After Hurricane-Related Disasters, Florida Firms Prepare for Business Continuity

More Jacksonville, Fla., firms better prepared for disasters, but not enough say statistics

Jun. 5--With the start of another tempestuous hurricane season, businesses -- large and small -- might want to dust off their hurricane preparedness manuals. After all, the consequences of not having a Plan B if a hurricane knocks out the power or destroys a building can financially drown a company.

Consider this: In the first year after Hurricane Andrew, about 50 percent of affected business in Florida went bankrupt, said John Phelps, director of risk management at Blue Cross and Blue Shield of Florida. That number rose to about three-quarters in the second and third years after the hurricane struck, he said.

A major reason: Business went under because they couldn't recover or do so fast enough.

"They lost business," Phelps said, "employees found jobs elsewhere."

About 68 percent of local small businesses say they do not have a current and effective recovery plan to deal with disasters like a hurricane, according to a CenterBank survey of about 7,500 area firms.

Jacksonville-based W&O Supply last year learned the importance of having a disaster plan -- the hard way.

Hurricane Katrina wreaked havoc on the distribution company's Mobile, Ala., warehouse, ripping off the roof and knocking down the walls. The warehouse was shuttered for two weeks. W&O's New Orleans warehouse suffered minimal damage but the extensive damage to the city kept the distribution center closed for nearly five weeks, Chief Financial Officer Peter Osterman said.

In the end, Katrina cost W&O more than $1 million in lost revenue. The company estimated its recovery and rebuilding tab totaled upwards of $500,000 before insurance payouts.

This hurricane season, W&O has instituted measures -- including the relocation of communication infrastructure to a more secure off-site location -- to keep its operations humming.

"You can be out of business if you don't have the necessary resources and precautions to weather the potential impact of a hurricane," Osterman said -- a dire warning on the eve of the 2006 Atlantic hurricane season, which could churn out up to 16 named storms including six major hurricanes, according to the Associated Press.

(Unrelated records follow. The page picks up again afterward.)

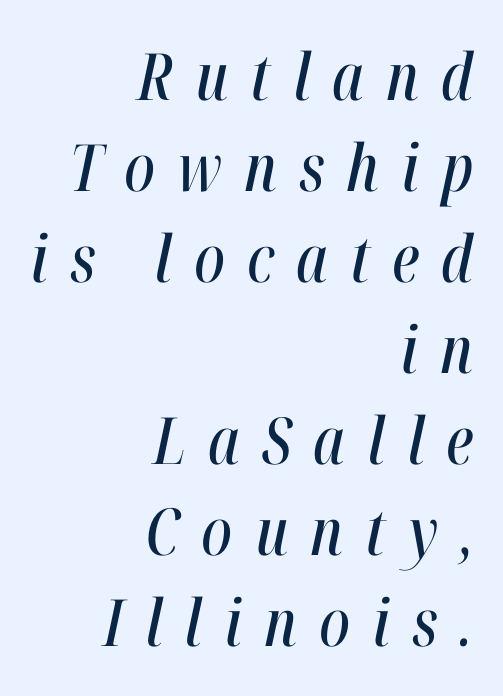
{"italic": "yes", "lean": "right", "slant_degrees": 12, "width": "condensed", "stroke_contrast": "high", "x_height": "medium", "monospaced": "no", "underline": "no", "align": "right", "line_spacing": "normal", "line_spacing_ratio": 1.4, "letter_spacing": "wide", "letter_spacing_em": 0.34, "glyph_px": 65}
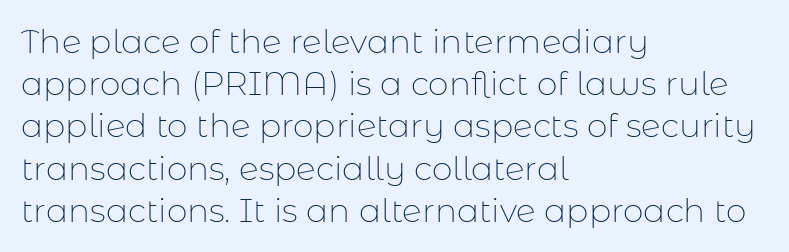
Q: Is the text bold? A: No.
Q: Is the text italic (slanted)? A: No, it is upright.
Q: Is the typeface a serif or a sans-serif typeface? A: Sans-serif.
Q: Is the text underlined? A: No.
Q: How is the paragraph aligned? A: Left-aligned.
Q: Is the spacing between letters normal or unusually wide? A: Normal.
Q: Is the spacing between lines tight, normal or loose? A: Normal.
Q: Width (condensed, normal, or wide)? A: Normal.
Q: Stroke contrast? A: Low.
Q: x-height? A: Medium.
Q: Monospaced? A: No.
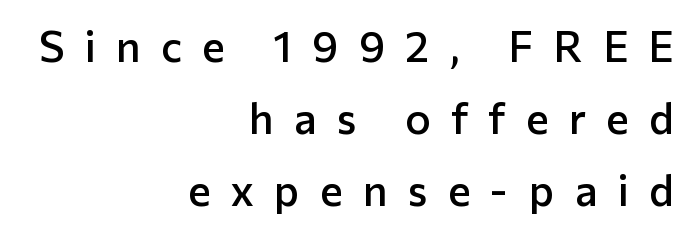
{"serif": "no", "italic": "no", "bold": "semi", "weight": "semibold", "width": "normal", "stroke_contrast": "low", "x_height": "medium", "monospaced": "no", "underline": "no", "align": "right", "line_spacing": "normal", "line_spacing_ratio": 1.68, "letter_spacing": "wide", "letter_spacing_em": 0.47, "glyph_px": 43}
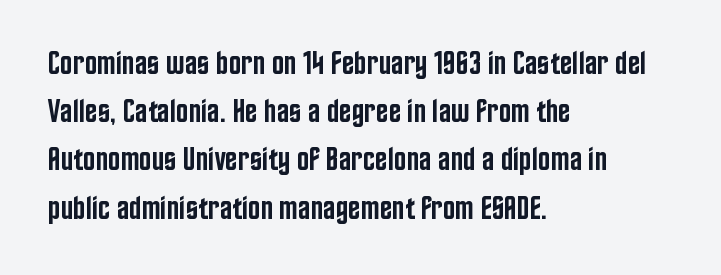
{"serif": "no", "italic": "no", "bold": "semi", "weight": "semibold", "width": "condensed", "stroke_contrast": "low", "x_height": "large", "monospaced": "no", "underline": "no", "align": "left", "line_spacing": "normal", "line_spacing_ratio": 1.46, "letter_spacing": "normal", "letter_spacing_em": 0.0, "glyph_px": 33}
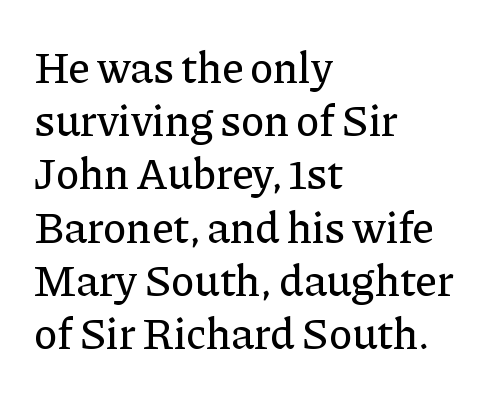
Q: Is the text italic (slanted)? A: No, it is upright.
Q: Is the typeface a serif or a sans-serif typeface? A: Serif.
Q: Is the text underlined? A: No.
Q: How is the paragraph aligned? A: Left-aligned.
Q: Is the spacing between letters normal or unusually wide? A: Normal.
Q: Width (condensed, normal, or wide)? A: Normal.
Q: Stroke contrast? A: Low.
Q: x-height? A: Medium.
Q: Monospaced? A: No.
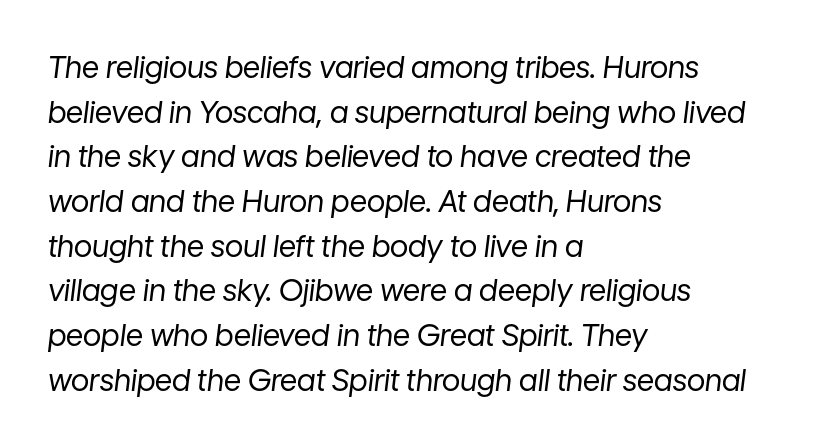
Honestly, there is no underline to notice here at all. Each letter keeps its own natural width here, so spacing adapts to shape. Inter-character spacing is left at the font's built-in metrics. The line-height multiplier appears to be the usual default.
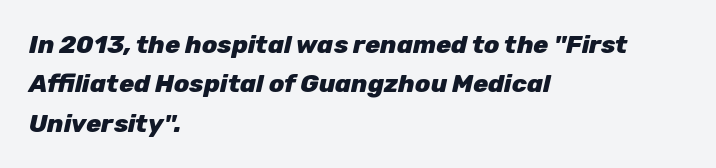
The image shows 25 px bold type, italic (leaning right); set left-aligned, normal line spacing (1.58x), normal letter spacing, not underlined.
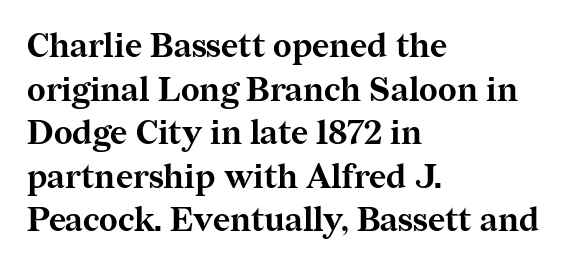
{"serif": "yes", "italic": "no", "bold": "yes", "weight": "bold", "width": "normal", "stroke_contrast": "medium", "x_height": "medium", "monospaced": "no", "underline": "no", "align": "left", "line_spacing": "normal", "line_spacing_ratio": 1.32, "letter_spacing": "normal", "letter_spacing_em": 0.0, "glyph_px": 33}
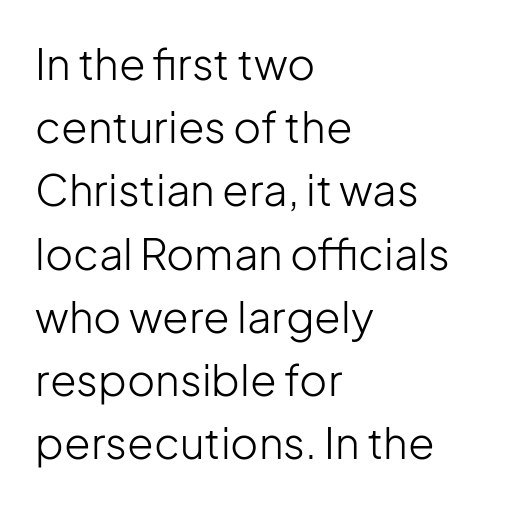
{"serif": "no", "italic": "no", "bold": "no", "weight": "light", "width": "normal", "stroke_contrast": "low", "x_height": "medium", "monospaced": "no", "underline": "no", "align": "left", "line_spacing": "normal", "line_spacing_ratio": 1.47, "letter_spacing": "normal", "letter_spacing_em": 0.0, "glyph_px": 43}
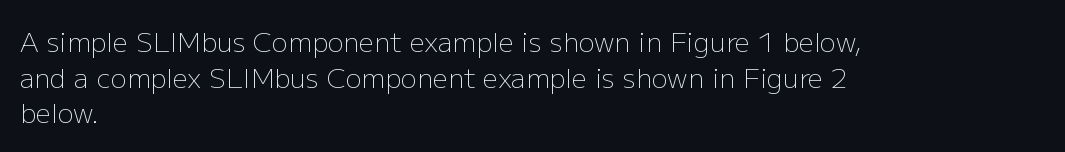
The image shows 27 px text type, upright; set left-aligned, normal line spacing (1.32x), normal letter spacing, not underlined.

How to Prepare Your Business

The Times-Union has compiled tips from the U.S. Department of Homeland Security's Federal Emergency Management Agency and CDW Government Inc. that businesses can follow to help with recovery if disaster strikes.

1. Identify and appoint a team of first responders to tackle disasters.

Blue Cross has a team of about 21 emergency responders. The team, which includes workers from human resources, claims processing and IT, are available 24/7 to respond to adverse events like a hurricane. They evaluate the situation and decide what needs to be done to support critical business operations like customer service and payroll processing.

2. Back up sensitive data and store copies of it off-site.

The MPS Group houses its Information Technology infrastructure, including servers, at a Southside building which can withstand Category 4 hurricanes. If a hurricane is expected to hit the First Coast, MPS overnights back-up tapes of sensitive information like payroll data and customer and employee databases to a site in Atlanta. The company sends a team of employees with the data. If local operations get hit, MPS can keep paying employees around the country and place clients with its contract workers.

3. Have backup generators and alternate power supplies for critical applications.